Airbnb - Stock Analyst Research
|Publication Date||5 Aug 2022|
*At the time of publication
Airbnb Inc. - Record profits and bookings
- 1H22 Revenue/PATMI was at 44/27% of our FY22e forecasts. EPS of US$0.56 beat consensus estimates of US$0.43 by 30%. We expect profitability in 2H22 to rebound strongly driven by travel demand and higher operating leverage.
- Bookings volume grew 25% YoY to 103.7mn, but 3Q22 guidance was soft. Long-term stays (28+ days) grew 25% YoY and by almost 90% from 2Q19. Airbnb also announced a US$2bn share repurchase program.
- We downgrade to NEUTRAL from BUY after the recent run-up in its stock price. We maintain our DCF target price of US$119 (WACC 6.8%, g 4%) as our FY22e estimates remain unchanged. Macro uncertainties like rising inflation could weigh on discretionary demand for travel, but we believe Airbnb is a strong brand and could emerge as a preferred vacation option compared to hotels as it’s safe amid the spread of COVID-19, more affordable, and closer to home.
+ 2Q22 revenue in line with forecasts. Airbnb met consensus estimates for its top line, posting US$2.1bn in revenue, representing a 58% YoY increase (64% YoY in constant currency). The growth was driven by a surge in booking volume and continued strength in daily rates. In 2Q22, the nights and experiences booked grew 25% YoY (up 24% vs pre-pandemic 2Q19) to 103.7mn, driven by continued recovery in urban and cross-border travel demand and improvement in business travel. 1H22 revenue/nights and experiences booked were at 44/49% of our FY22e forecasts.
+ Strong growth in long-term stays. In 2Q22, long-term stays (28+ days) remained the fastest growing category by trip duration as compared with 2Q19. Long-term stays surged 25% YoY and by almost 90% from 2Q19, driven by the rise of hybrid/remote work. Stays of more than 28 days now account for 19% of gross bookings volume, up from 13% in 2Q19.
+ Robust FCF generation and buyback authorization. Airbnb generated US$795mn of free cash flow (FCF) in 2Q22 and US$2.9bn of FCF in the last 12 months, ending 2Q22 with US$7.8bn in cash and cash equivalents.
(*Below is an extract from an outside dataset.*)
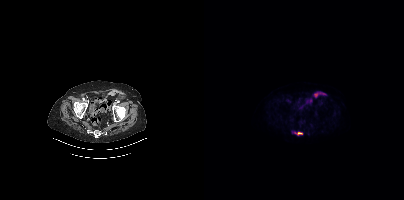
Findings: Coordinates are on the 200×200 PET (right) panel. PSMA-avid tumor lesion bounding box (x0,y0,x1,y1): [89,131,99,135].
- Paired axial CT (left) and PSMA PET (right), 18F-PSMA tracer
- slice position z = -900 mm
- PET panel 200×200 px (4.1 mm/px)

The company reported a net profit of US$379mn compared with a net loss of US$68mn in 2Q21, driven by top-line growth and an improved cost structure. Based on the strong performance, Airbnb announced a share repurchase program of up to US$2bn reflecting the management’s confidence about future growth and profitability.
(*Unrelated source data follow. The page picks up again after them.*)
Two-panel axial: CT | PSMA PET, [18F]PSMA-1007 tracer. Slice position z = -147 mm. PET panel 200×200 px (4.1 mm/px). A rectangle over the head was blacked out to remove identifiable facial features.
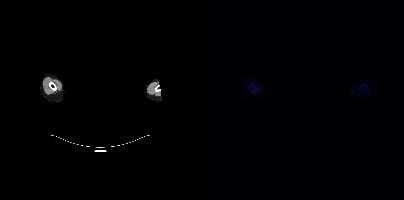
This slice has no annotated PSMA-avid lesion.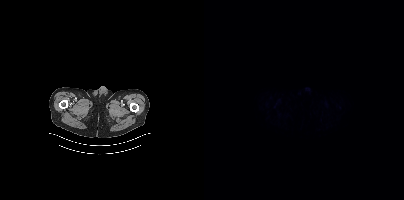
No tumor lesions annotated on this slice.

– Soft 3Q22 guidance for bookings volume. Management said that booking volume slowed in May/June due to higher cancellations attributed to the flight disruptions, especially in the US. However, demand accelerated in July and Airbnb’s 3Q22 guidance calls for bookings volume growth to be similar to the YoY growth rate seen in 2Q22 (~25%). This implies nearly 100mn nights and experiences booked in 3Q22.
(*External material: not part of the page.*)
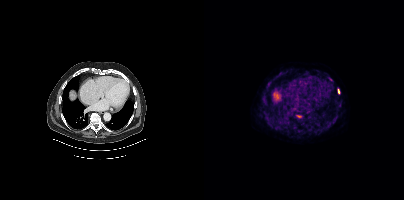
{"pet_grid":[200,200],"coord_frame":"pet_panel","coord_format":"x0,y0,x1,y1","lesion_bboxes":[[92,115,97,117],[134,89,135,93]],"modality":"PSMA PET/CT","view":"axial","tracer":"18F"}

– APAC nights booked remain the drag. In Asia Pacific (APAC), booking volume remained depressed compared with 2Q19 due to cross-border reliance, tighter government restrictions and closure of its domestic business within China. Excluding Asia Pacific, global bookings volume would have exceeded 2Q19 levels by 35% in 2Q22 (vs overall 24%).
Airbnb expects travel demand to continue. In 3Q22, Airbnb expects to report total revenue between US$2.78bn-US$2.88bn, representing YoY growth rate of 24-29%, and up 69-75% compared to 3Q19. Adjusted EBITDA margin is also expected to be 49% driven by a disciplined cost structure and top-line growth.
Downgrade to NEUTRAL with unchanged TP of US$119.00
We downgrade Airbnb to NEUTRAL from BUY after the recent run-up in share price. We maintain our DCF target price of US$119 (WACC 6.8%, g 4%) as our FY22e estimates remain unchanged. Macro uncertainties like rising inflation could weigh on discretionary demand for travel, but we believe Airbnb is a strong brand and could emerge as a preferred vacation option compared to hotels as it’s safe amid the spread of COVID-19, more affordable, and closer to home.